Hari sudah beranjak malam saat itu. Bejeu melintasi jalanan Rembang. Di sebuah pertigaan, Bejeu ambil kanan, melepaskan dirinya dari Pantura, ada macet panjang kata crew. Jalanan ini sepertinya pernah aku lalui, waktu dengan Pahala Kencana. tapi aku belum terlalu yakin. Kubuka map di handphone, track-nya masih sangat panjang untuk sampai di jalan utama. Ya, sepertinya ini benar jalan itu, jalan dulu waktu sama Pahala Kencana, jalan tembus ke arah Bojonegoro.

Aku lapar. Pengan banget makan nasi ini mah. Terakhir makan nasi tadi pagi pas sarapan gudeg di Yogya. Ini Bejeu mau service makan di mana sih? Masa di Tuban? Udah malem banget ini.

Dan ternyata benar, jalanan ini tembus ke lintas Bojonegoro arah Tuban. Bejeu dipinggirkan di sebuah depot atau rumah makan. Depot Anugerah namanya. Bejeu service makan di sini. Entah ini memang sengaja makan di sini karena motong jalan tadi, atau memang ini rumah makan asli buat service-nya, aku gak tau, wong baru pertama kali ikut Bejeu, hehe, soalnya pihak rumah makan gak nyobek kupon makan di tiket,


Di sini service makan gak prasmanan, semuanya diambilin sama pihak rumah makan. Menu malam itu hanya ada dua pilihan. Nasi rawon, atau nasi pecel. Penumpang bebas menambah lauk apapun dengan harga yang dibayar sendiri sesuai item yang ditambahkan. Minumnya bebas pilih, mau es teh manis, atau teh manis panas.
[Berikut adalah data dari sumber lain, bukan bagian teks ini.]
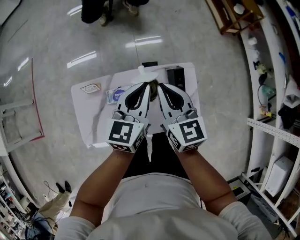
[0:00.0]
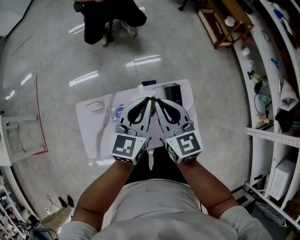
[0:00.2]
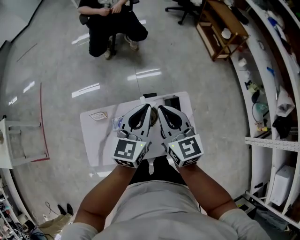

Setelah beres makan, banyak penumpang yang mayoritas bapak-bapak naik ke bus, bukan untuk kembali duduk di seatnya, tapi untuk bikin kopi, hehehe, lumayan, gratis.

Aku sekalian Magrib-Isya di rumah makan ini, enak, mushollanya cukup nyaman, kamar mandinya juga banyak dan bersih. Beres semua, saatnya foto-foto, tapi sumpah udah ngantuk banget, hehe.


Bejeu kembali melaju, kali ini dengan driver dua, mas-mas yang masih muda tadi, dengan perawakannya yang pendek, Bejeu dijalankan seperti kesetanan, khas bus muria. Cepat tapi tetap mempertimbangkan aspek keamanan. Cepat, aman, nyaman. Kencengnya mulus, ngeremnya juga smooth. Enak pokoknya bawaannya.

Kendaraan-kendaraan besar dan bus bumel menjadi santapan yang sangat gampang. Ada satu armada pariwisata yang lumayan susah ditaklukkan, sama-sama ngotot. Kusuma Indah, tapi akhirnya, karena lajunya terhalang truk di depannya, Kusuma Indah mampu di-ove take dari sebelah kiri oleh Bejeu.


---

Aku terbangun, mengamati daerah sekitar, PLTU Paiton. Lampu-lampunya menghias malam, berkilauan seperti sebuah kota kecil. Cukup lama berarti aku tidur, benar-benar tidur, pulas, akumulasi dari rasa capek mungkin. Masih kuingat, daerah terakhir yang aku lihat adalah Gerbang Tol Kebomas, dan kini aku terbangun saat Bejeu sudah melintasi PLTU Paiton.

Kurebahkan kembali badanku di sandaran seat yang begitu nyaman. Bed cover masih menyelimuti badan, hangat. Kuperhatikan cara Mas Driver mengendalikan Hino mesin besar ini, fantastis. Cepat tapi begitu nyaman. Bayangin aja, tidurku sama sekali tidak terusik dari Gresik sampai dengan Paiton, benar-benar tidak tahu apa-apa sepanjang jalanan tadi, bobomania. Belum pernah loh dalam sejarah perbisan, aku bisa tidur selama dan senyenyak itu.